_DIRECTIONS FOR THIS TASK_
Exclude every picture. Output verbatim the lines from the one containing "5.1 s past the first image." to the end of the data.
[[ GIVEN ENTRIES, beginning ]]
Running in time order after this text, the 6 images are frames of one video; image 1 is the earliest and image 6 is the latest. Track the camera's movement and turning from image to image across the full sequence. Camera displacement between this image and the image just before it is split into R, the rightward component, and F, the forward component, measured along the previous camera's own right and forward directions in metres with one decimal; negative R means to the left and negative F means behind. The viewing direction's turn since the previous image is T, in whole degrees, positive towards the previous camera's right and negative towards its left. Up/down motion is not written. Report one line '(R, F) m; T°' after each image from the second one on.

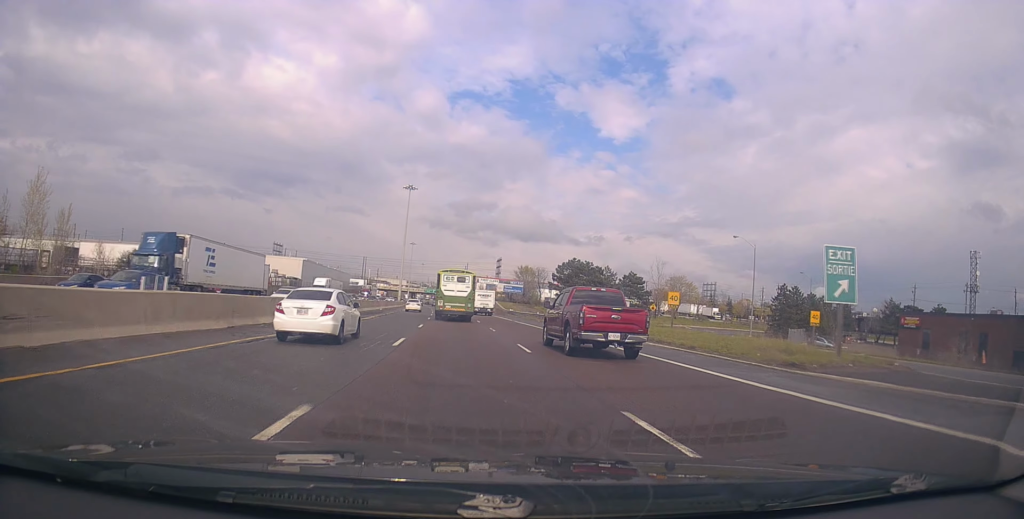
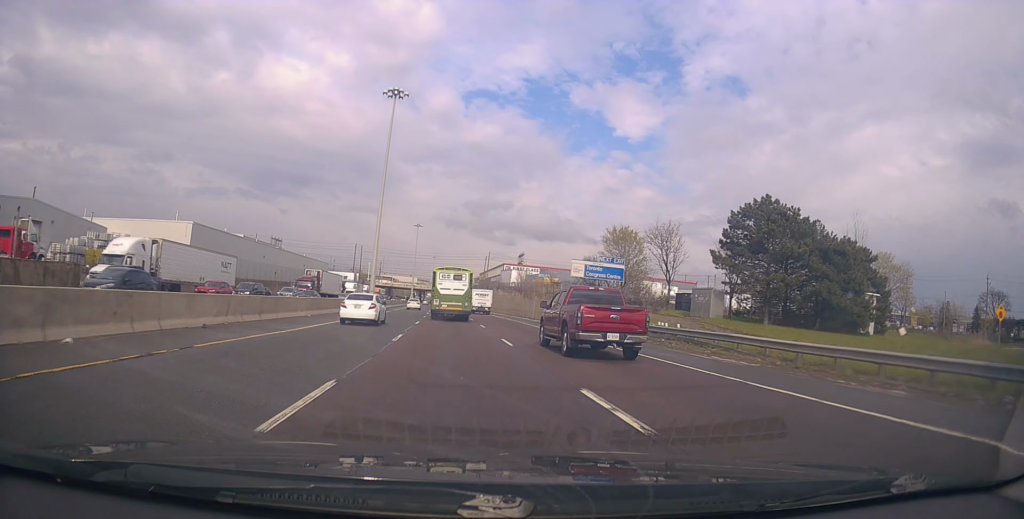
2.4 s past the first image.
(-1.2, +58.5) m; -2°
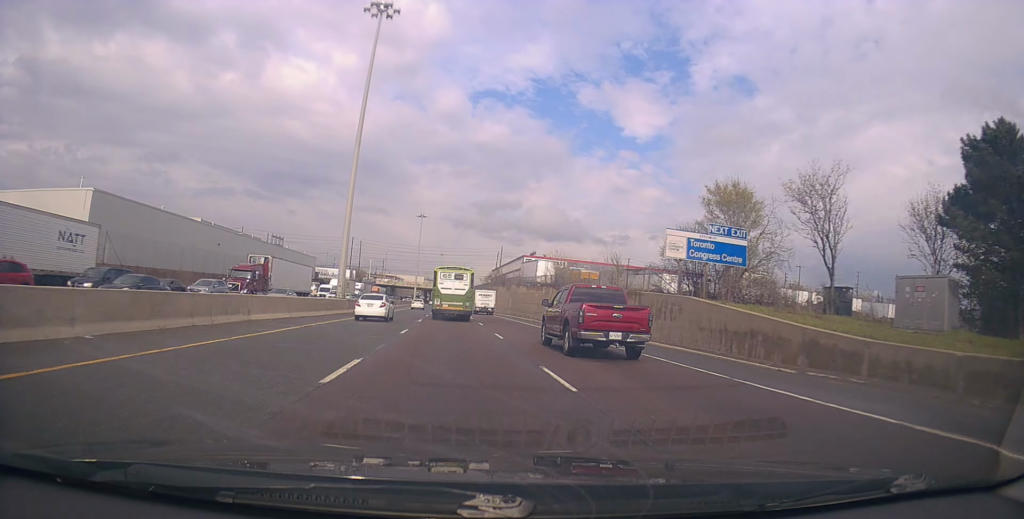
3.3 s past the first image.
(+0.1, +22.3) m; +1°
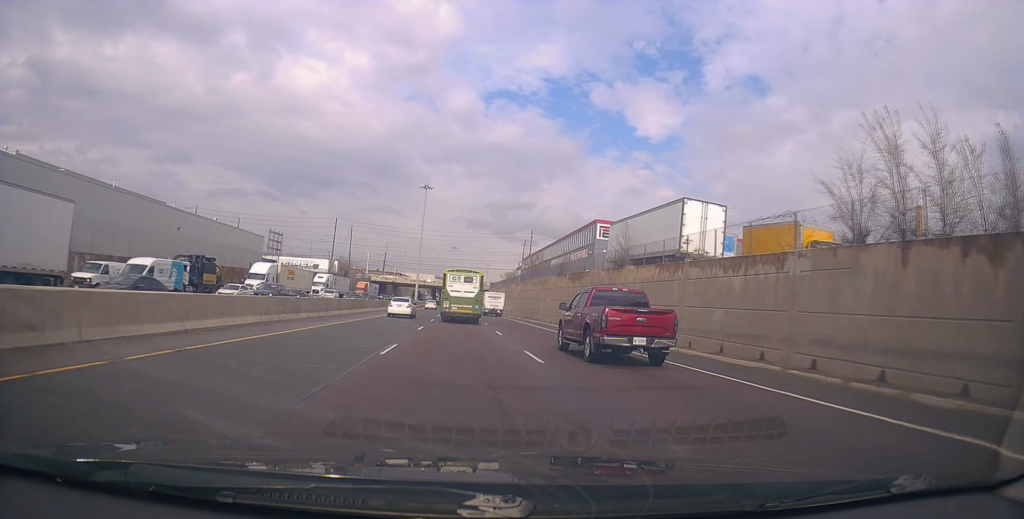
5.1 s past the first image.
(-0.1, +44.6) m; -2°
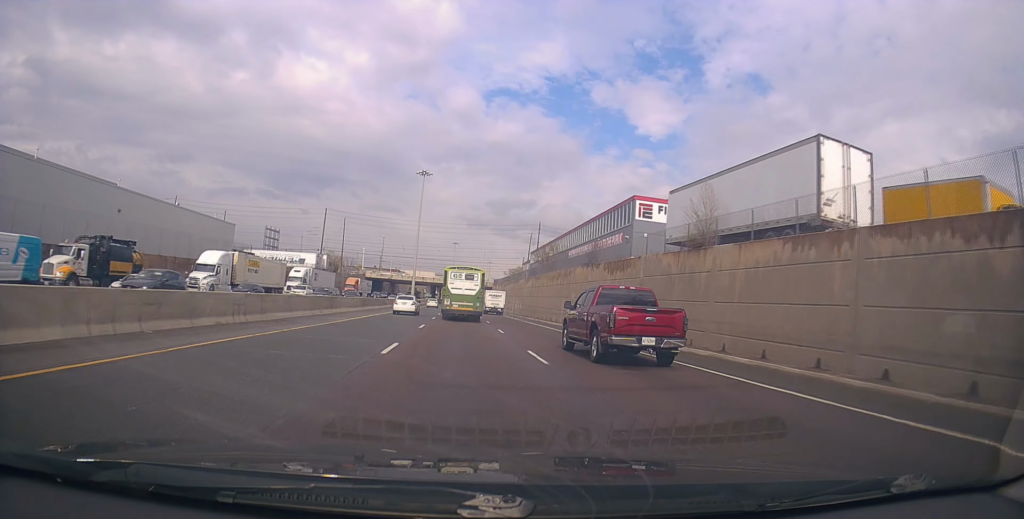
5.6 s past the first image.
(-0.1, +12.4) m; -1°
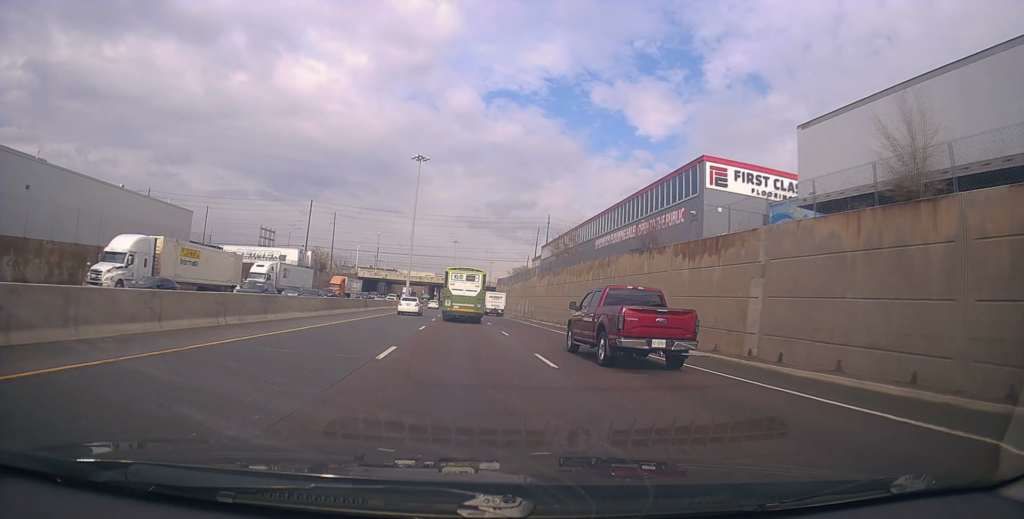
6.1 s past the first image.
[[ GIVEN ENTRIES, end ]]
_RESPONSE_
5.1 s past the first image.
(-0.1, +44.6) m; -2°
5.6 s past the first image.
(-0.1, +12.4) m; -1°
6.1 s past the first image.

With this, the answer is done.